Check if VCE/VCN options are enabled in HandBrake preferences:

  1. Open HandBrake and navigate to PreferencesVideo tab
  2. Verify “AMD VCE Encoder” is enabled (not grayed out)
  3. If grayed out, close HandBrake and install mesa-va-drivers:
sudo dnf install mesa-va-drivers libva-utils -y

Verify VAAPI support is detected:

vainfo
VAProfileH264Main              : VAEntrypointEncSlice
VAProfileHEVCMain              : VAEntrypointEncSlice

If hardware encoding remains unavailable after installing drivers, switch to the Flatpak build which includes updated Mesa libraries:

flatpak install flathub fr.handbrake.ghb -y

The Flatpak version ships with runtime-bundled graphics drivers that often enable AMD VCN support when the RPM build cannot detect hardware acceleration.

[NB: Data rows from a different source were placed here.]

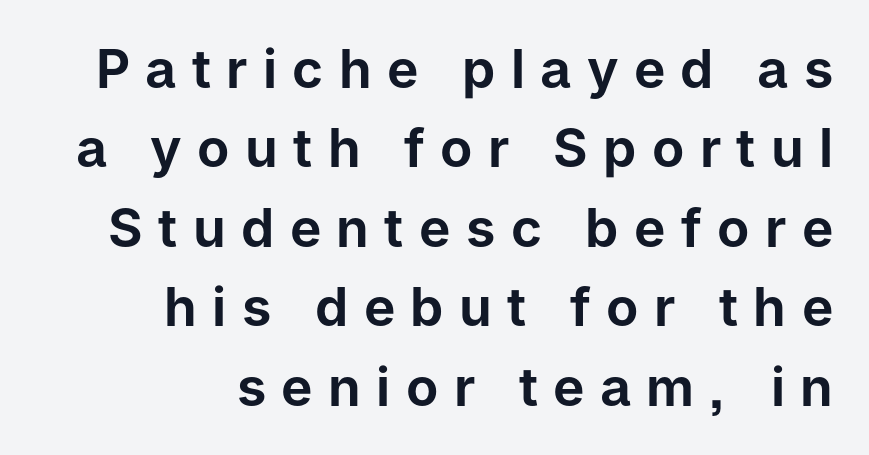
Underline: absent. The letters are spread apart with noticeably loose tracking. Letterform terminals end flat and unadorned throughout the passage. Horizontal alignment here is rightward, an uncommon choice for prose. Think of a printed novel: that variable character pitch is what you see here.
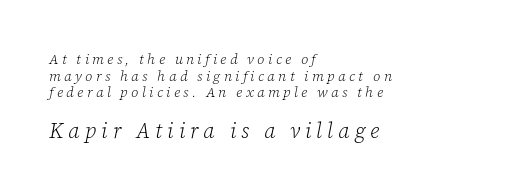
{"italic": "yes", "lean": "right", "slant_degrees": 12, "bold": "no", "underline": "no", "align": "left", "line_spacing_ratio": 1.19, "letter_spacing": "wide", "letter_spacing_em": 0.24, "larger_block": "second", "size_ratio": 1.5, "glyph_px": 21}
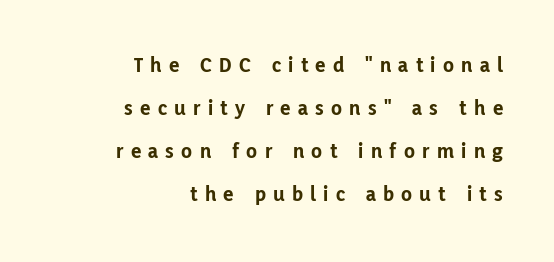
The image shows 22 px bold type, upright; set right-aligned, loose line spacing (1.96x), unusually wide letter spacing (+0.33 em), not underlined.
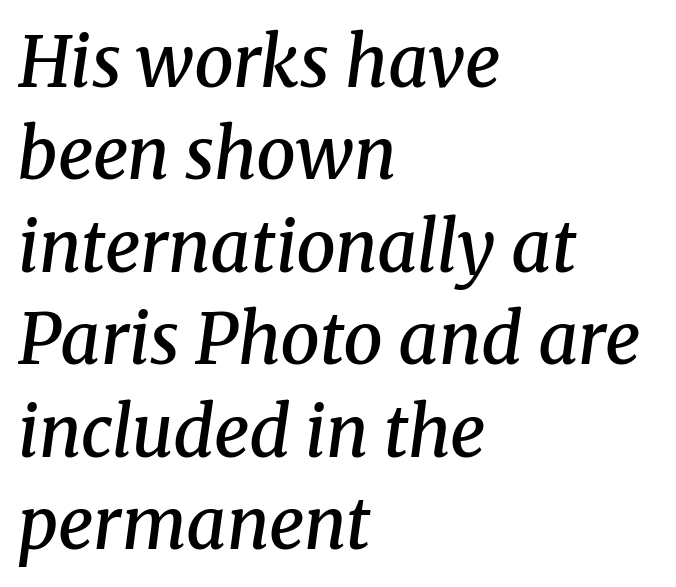
{"serif": "yes", "italic": "yes", "lean": "right", "slant_degrees": 8, "bold": "semi", "weight": "semibold", "width": "normal", "stroke_contrast": "medium", "x_height": "medium", "monospaced": "no", "underline": "no", "align": "left", "line_spacing": "normal", "line_spacing_ratio": 1.32, "letter_spacing": "normal", "letter_spacing_em": 0.0, "glyph_px": 70}

Check HandBrake Version Differences

RPM Fusion packages undergo Fedora-specific testing and may lag several months behind upstream releases. Check current versions:

HandBrakeCLI --version
flatpak remote-info flathub fr.handbrake.ghb | grep Version
HandBrake 1.6.1 (RPM Fusion)
Version: 1.8.2 (Flatpak)

If you need the latest codec support, hardware encoder updates, or bug fixes documented in HandBrake release notes, use the Flatpak installation method or build from source.

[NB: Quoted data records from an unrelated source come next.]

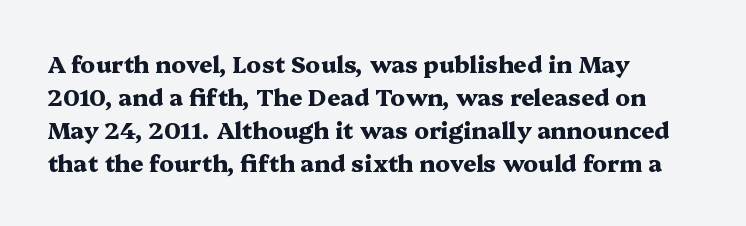
The image shows 23 px bold type, upright; set left-aligned, normal line spacing (1.44x), normal letter spacing, not underlined.
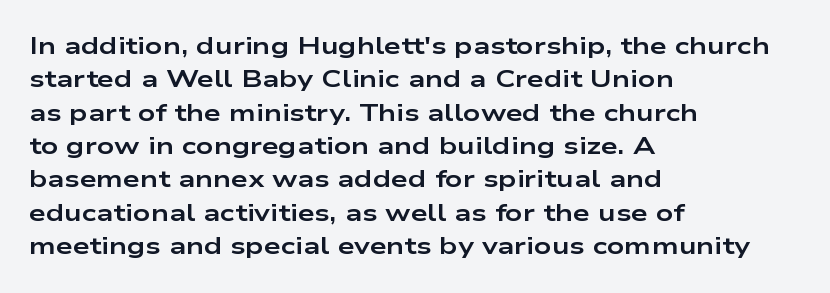
You can tell it's not italic because the verticals are truly vertical. Descender tails drop into unmarked territory. Baseline-to-baseline distance is the conventional proportion of letter height. Nobody touched the tracking dial on this one. Thick stems and heavy bowls — unmistakably bold. One-word summary of the alignment: left.
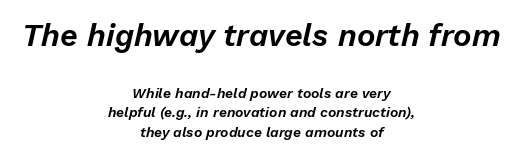
Q: Is the text italic (slanted)? A: Yes, it leans right by about 13 degrees.
Q: Is the text underlined? A: No.
Q: How is the paragraph aligned? A: Centered.
Q: Is the spacing between letters normal or unusually wide? A: Normal.
Q: Is the spacing between lines tight, normal or loose? A: Normal.
Q: Which block of text is set in a larger size, the first (top) or the second (bottom)? A: The first (top) one.
Q: Width (condensed, normal, or wide)? A: Normal.
Q: Stroke contrast? A: Low.
Q: x-height? A: Medium.
Q: Monospaced? A: No.
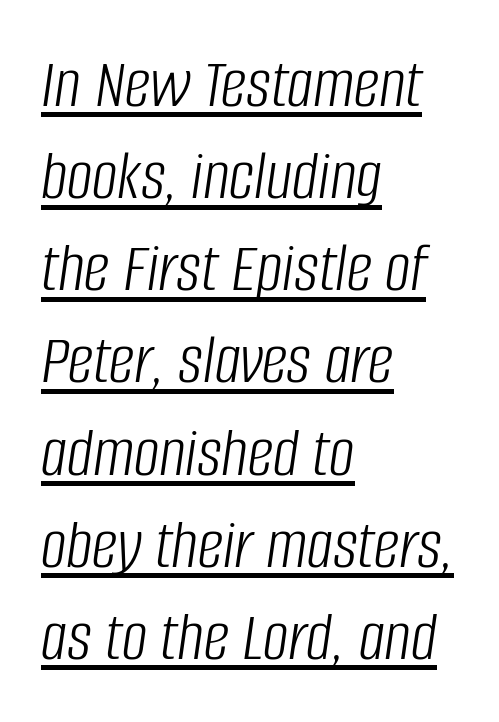
{"italic": "yes", "lean": "right", "slant_degrees": 8, "bold": "no", "weight": "light", "width": "condensed", "stroke_contrast": "low", "x_height": "large", "monospaced": "no", "underline": "yes", "align": "left", "line_spacing": "normal", "line_spacing_ratio": 1.28, "letter_spacing": "normal", "letter_spacing_em": 0.0, "glyph_px": 72}
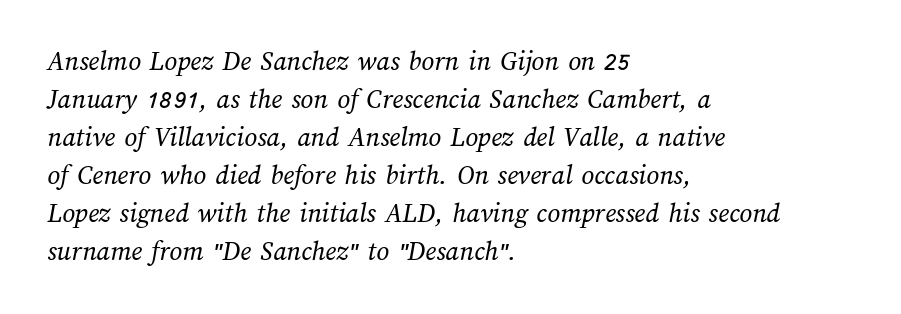
Unbolded letterforms with no extra heft. Each word holds together tightly as a unit, with standard inter-letter gaps. These lines stack with their left ends in a neat column. Here the designer chose a conventional face with non-uniform glyph widths. Regarding leading, the lines here are spaced in the standard way.
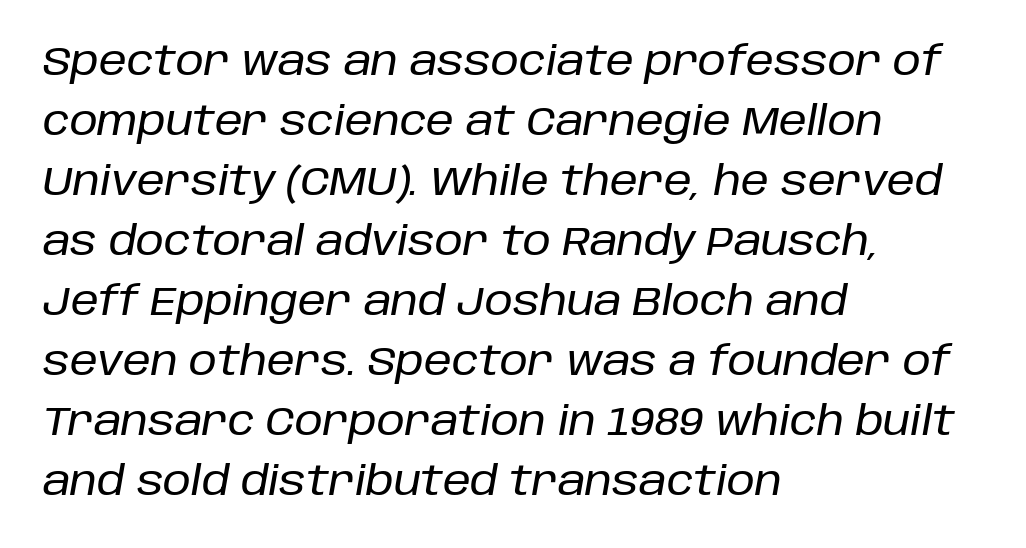
Varying glyph widths throughout — classic text-font behaviour. Layout note: lines flush left. This is oblique type, the kind used for emphasis or titles. The space directly below the letters is spotless. The line-height multiplier appears to be the usual default.
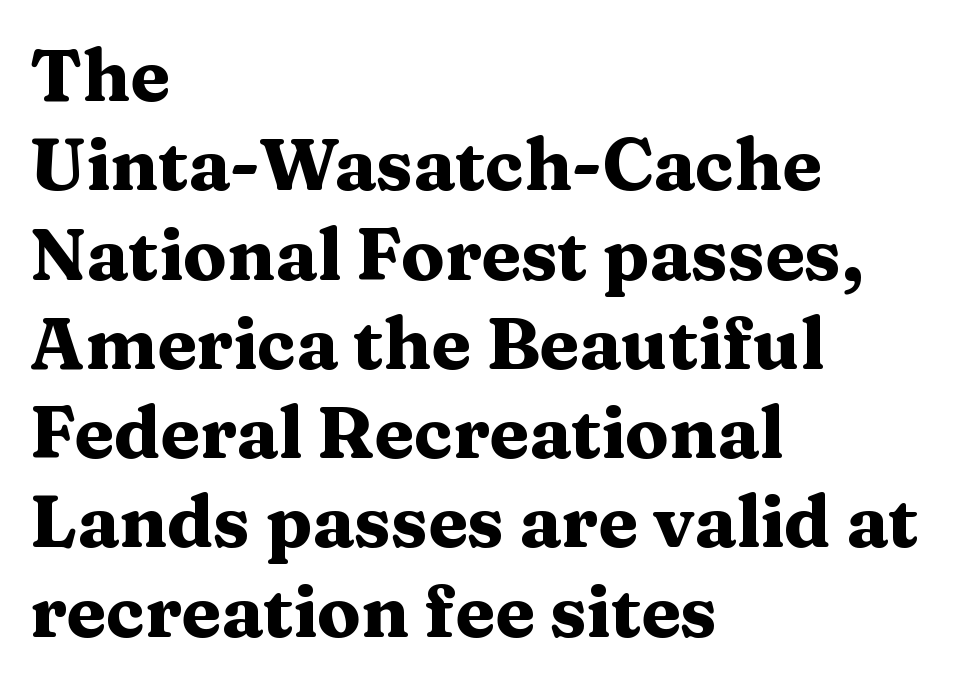
The image shows 72 px heavy, wide serif type, upright; set left-aligned, line spacing 1.24x, normal letter spacing, not underlined; medium stroke contrast and a medium x-height.

Missing Codec or Format Support

HandBrake depends on system multimedia libraries for input format support. If HandBrake fails to open specific video files, install the full multimedia codec suite from RPM Fusion repositories:

sudo dnf install gstreamer1-plugins-{bad-\*,good-\*,base} gstreamer1-plugin-openh264 gstreamer1-libav --exclude=gstreamer1-plugins-bad-free-devel

Install MP3 encoding support:

sudo dnf install lame\* --exclude=lame-devel

Install hardware-accelerated video decoding libraries for Intel and AMD systems:

sudo dnf install ffmpeg ffmpeg-libs libva libva-utils

Restart HandBrake after installing codecs and reimport the problematic file. If the issue persists, verify the source file plays correctly in VLC Media Player to rule out file corruption.

Conclusion

You now have HandBrake installed and verified on Fedora, ready to transcode videos with hardware acceleration and batch processing. Whether you chose RPM Fusion for system integration or Flatpak for containerized updates, you can compress large video files, convert between formats, and prepare media for streaming platforms like Plex Media Server. For advanced encoding workflows, pair HandBrake with FFmpeg for command-line automation or use VLC Media Player to preview your transcoded output before distribution.